**TASK MATERIAL**
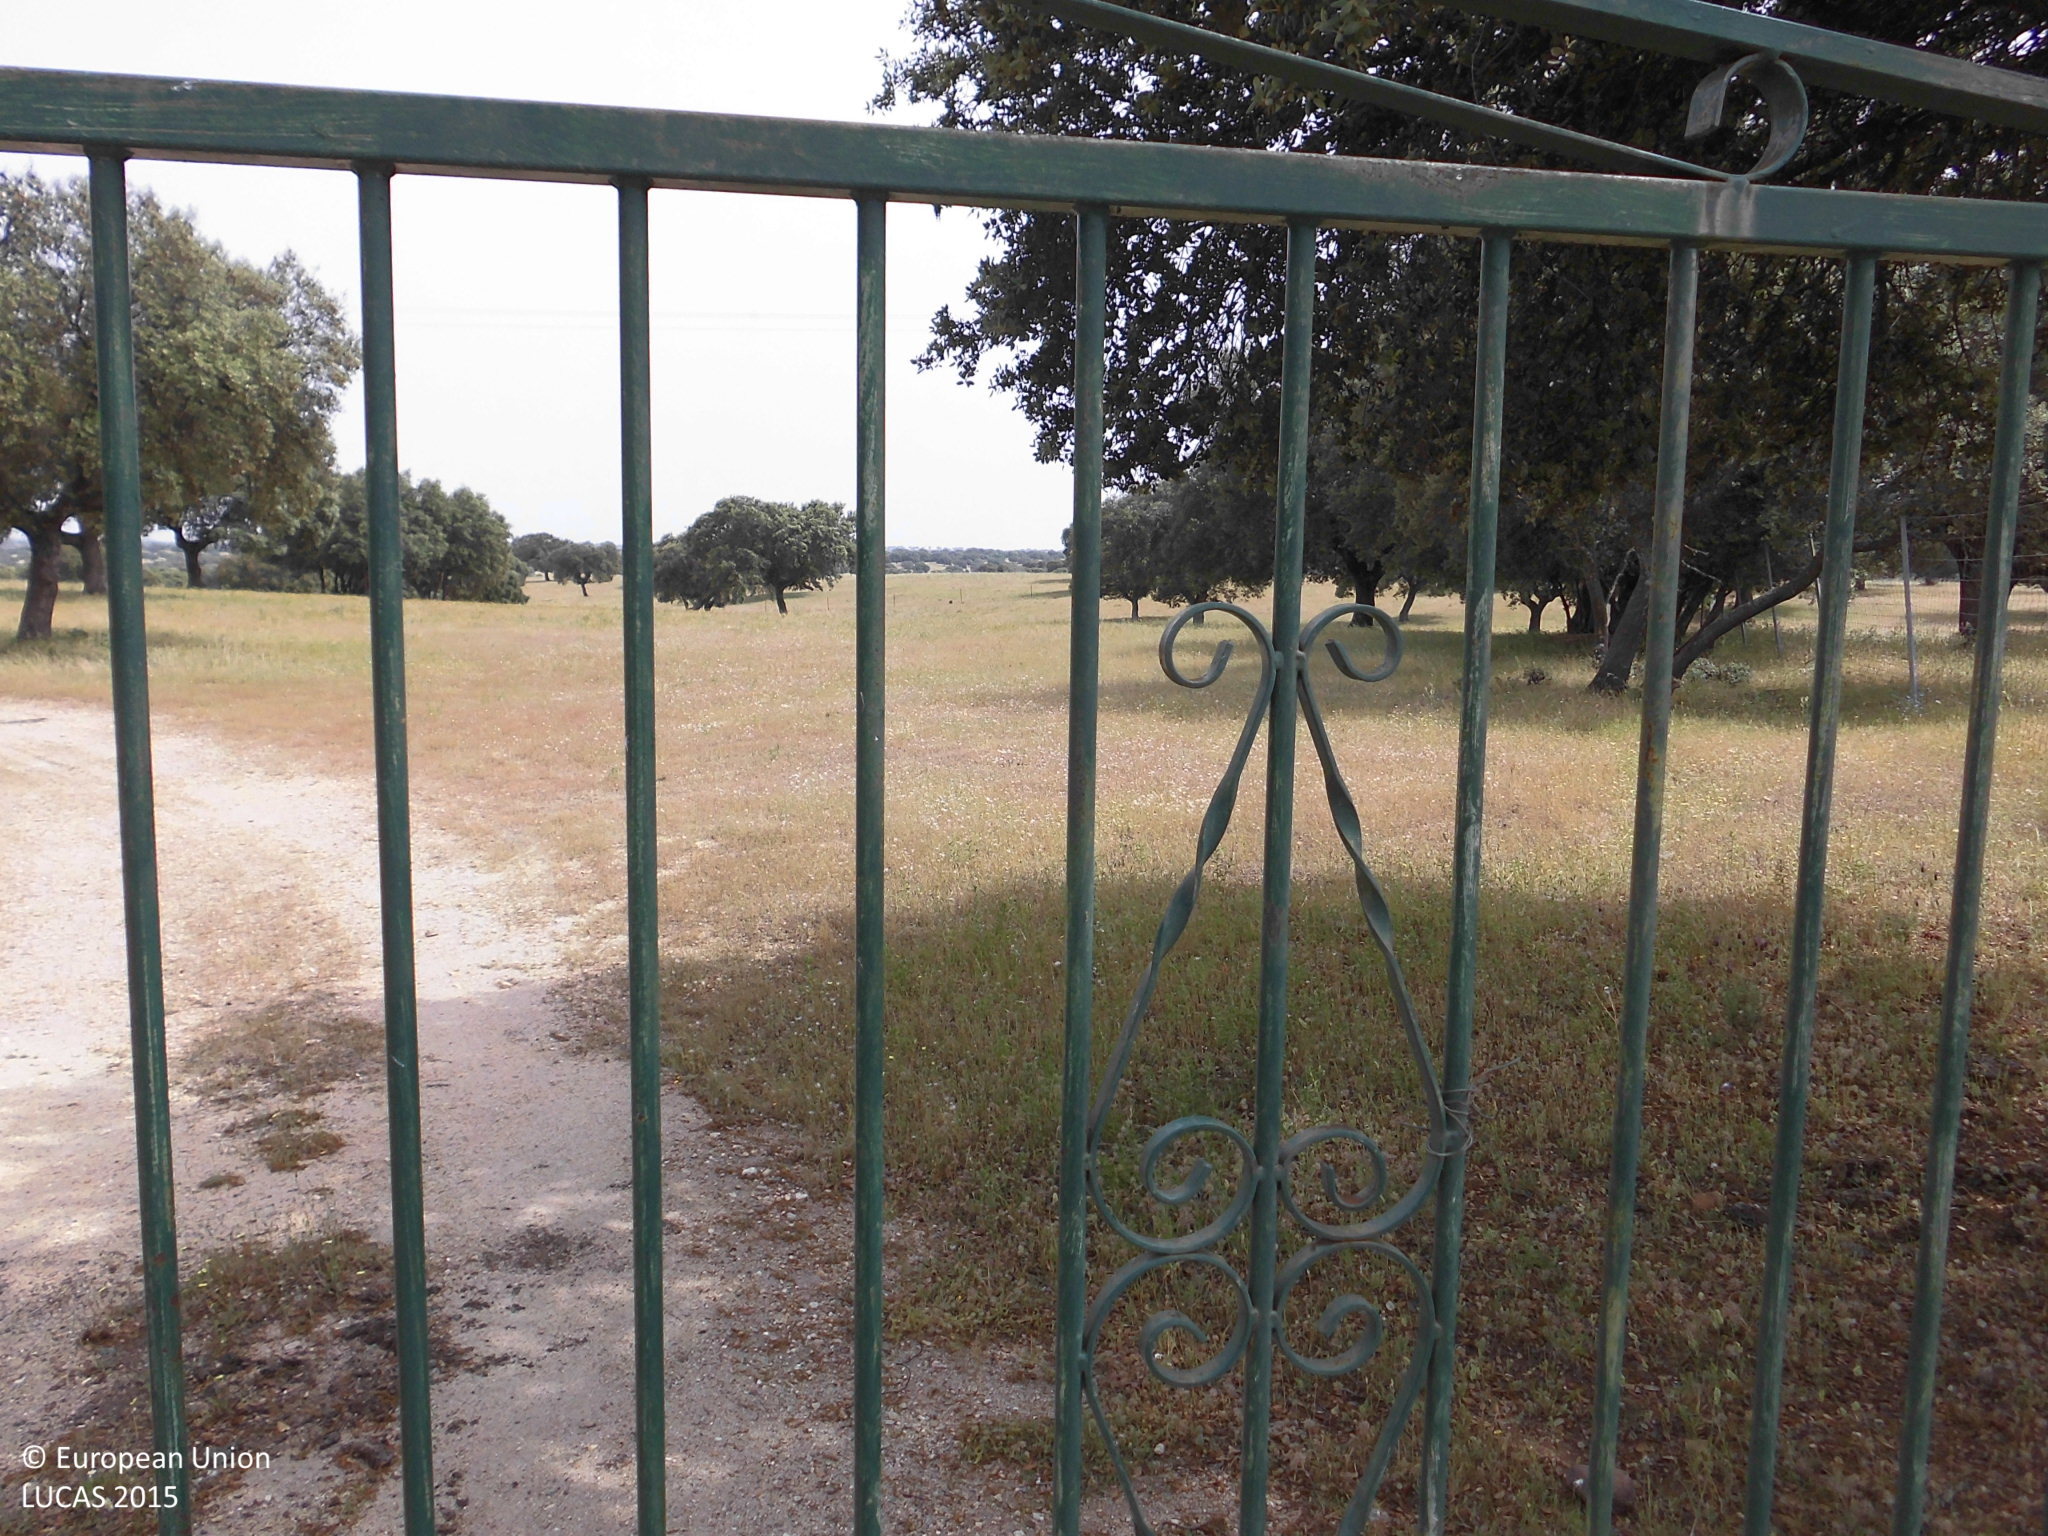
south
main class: Woodland
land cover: Broadleaved woodland
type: broadleaved evergreen forest
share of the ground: 10 - 25 %
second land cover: Grassland without tree/shrub cover
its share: > 75 %
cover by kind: herbaceous plants 90 %, broadleaved forest trees 10 %
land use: Forestry
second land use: Agriculture (excluding fallow land and kitchen gardens)
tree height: > 5 m
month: May
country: ES
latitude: 39.7182
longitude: -6.1068

**PROBLEM TO WORK ON**
Scan the listing for the string "cover". Copy each line that has it.

**RESPONSE BELOW**
land cover: Broadleaved woodland
second land cover: Grassland without tree/shrub cover
cover by kind: herbaceous plants 90 %, broadleaved forest trees 10 %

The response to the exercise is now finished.